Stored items
=== Begin Enclosure ===
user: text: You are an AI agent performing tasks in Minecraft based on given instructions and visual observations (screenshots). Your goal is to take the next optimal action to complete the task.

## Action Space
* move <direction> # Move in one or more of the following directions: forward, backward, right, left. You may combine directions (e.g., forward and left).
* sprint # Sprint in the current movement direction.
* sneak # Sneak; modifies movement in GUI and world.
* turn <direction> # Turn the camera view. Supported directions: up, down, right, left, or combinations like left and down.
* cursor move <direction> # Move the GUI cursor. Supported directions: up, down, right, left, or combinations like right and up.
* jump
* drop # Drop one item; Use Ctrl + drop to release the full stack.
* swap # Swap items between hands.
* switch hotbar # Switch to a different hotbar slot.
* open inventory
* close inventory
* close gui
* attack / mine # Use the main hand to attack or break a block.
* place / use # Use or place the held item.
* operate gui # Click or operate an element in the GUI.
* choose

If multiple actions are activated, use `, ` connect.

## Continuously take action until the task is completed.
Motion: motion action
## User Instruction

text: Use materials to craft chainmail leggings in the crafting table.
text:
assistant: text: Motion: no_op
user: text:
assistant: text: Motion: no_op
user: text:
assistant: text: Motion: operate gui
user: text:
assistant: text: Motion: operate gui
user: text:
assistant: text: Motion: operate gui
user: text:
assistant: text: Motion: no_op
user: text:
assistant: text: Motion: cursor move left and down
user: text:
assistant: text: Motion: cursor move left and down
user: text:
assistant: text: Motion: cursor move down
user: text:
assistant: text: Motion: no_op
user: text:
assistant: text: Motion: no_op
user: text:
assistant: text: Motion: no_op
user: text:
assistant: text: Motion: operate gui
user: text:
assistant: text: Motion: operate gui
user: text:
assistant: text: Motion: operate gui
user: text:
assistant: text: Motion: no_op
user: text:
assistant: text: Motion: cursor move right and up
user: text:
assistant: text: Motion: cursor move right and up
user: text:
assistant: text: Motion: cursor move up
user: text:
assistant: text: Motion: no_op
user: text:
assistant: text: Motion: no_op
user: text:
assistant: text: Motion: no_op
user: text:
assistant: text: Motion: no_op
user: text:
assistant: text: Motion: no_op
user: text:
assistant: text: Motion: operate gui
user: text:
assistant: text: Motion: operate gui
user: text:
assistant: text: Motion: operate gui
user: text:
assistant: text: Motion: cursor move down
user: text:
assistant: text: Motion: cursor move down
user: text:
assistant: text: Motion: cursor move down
=== End Enclosure ===
=== Begin Enclosure ===
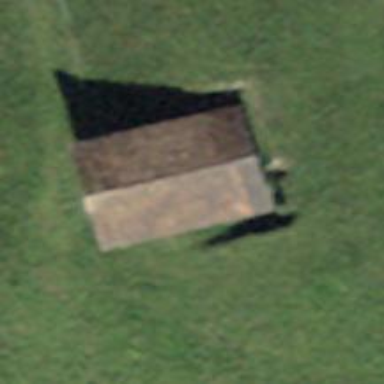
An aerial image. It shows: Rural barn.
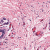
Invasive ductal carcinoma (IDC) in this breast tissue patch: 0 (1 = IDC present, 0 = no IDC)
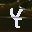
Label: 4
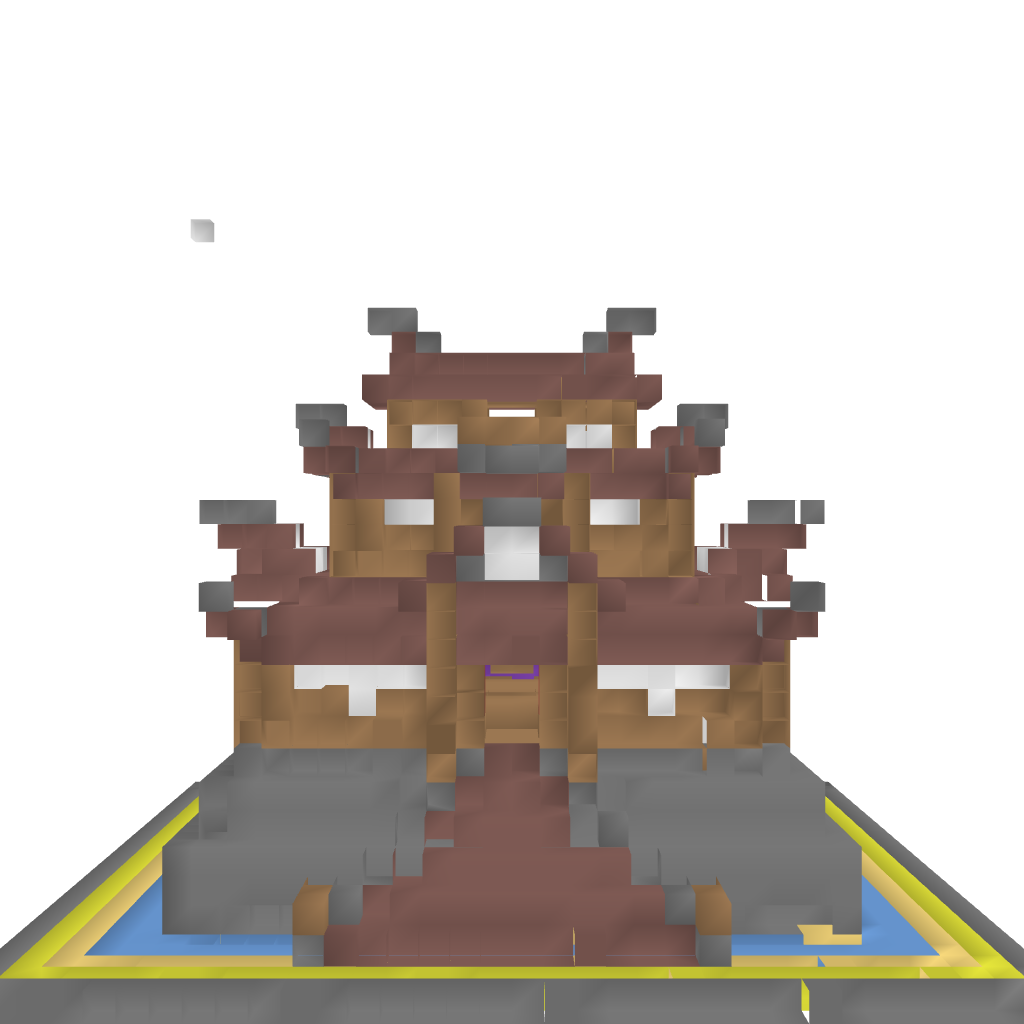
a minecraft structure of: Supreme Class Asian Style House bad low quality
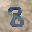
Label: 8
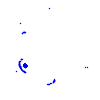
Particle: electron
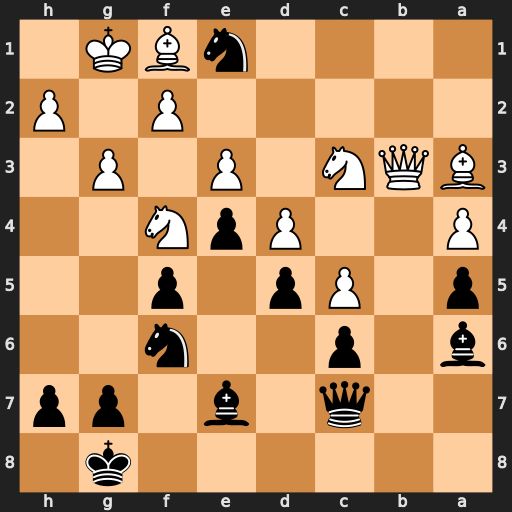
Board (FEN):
=== End Enclosure ===
Would you filter the records and copy out each line containing "directions"?

* move <direction> # Move in one or more of the following directions: forward, backward, right, left. You may combine directions (e.g., forward and left).
* turn <direction> # Turn the camera view. Supported directions: up, down, right, left, or combinations like left and down.
* cursor move <direction> # Move the GUI cursor. Supported directions: up, down, right, left, or combinations like right and up.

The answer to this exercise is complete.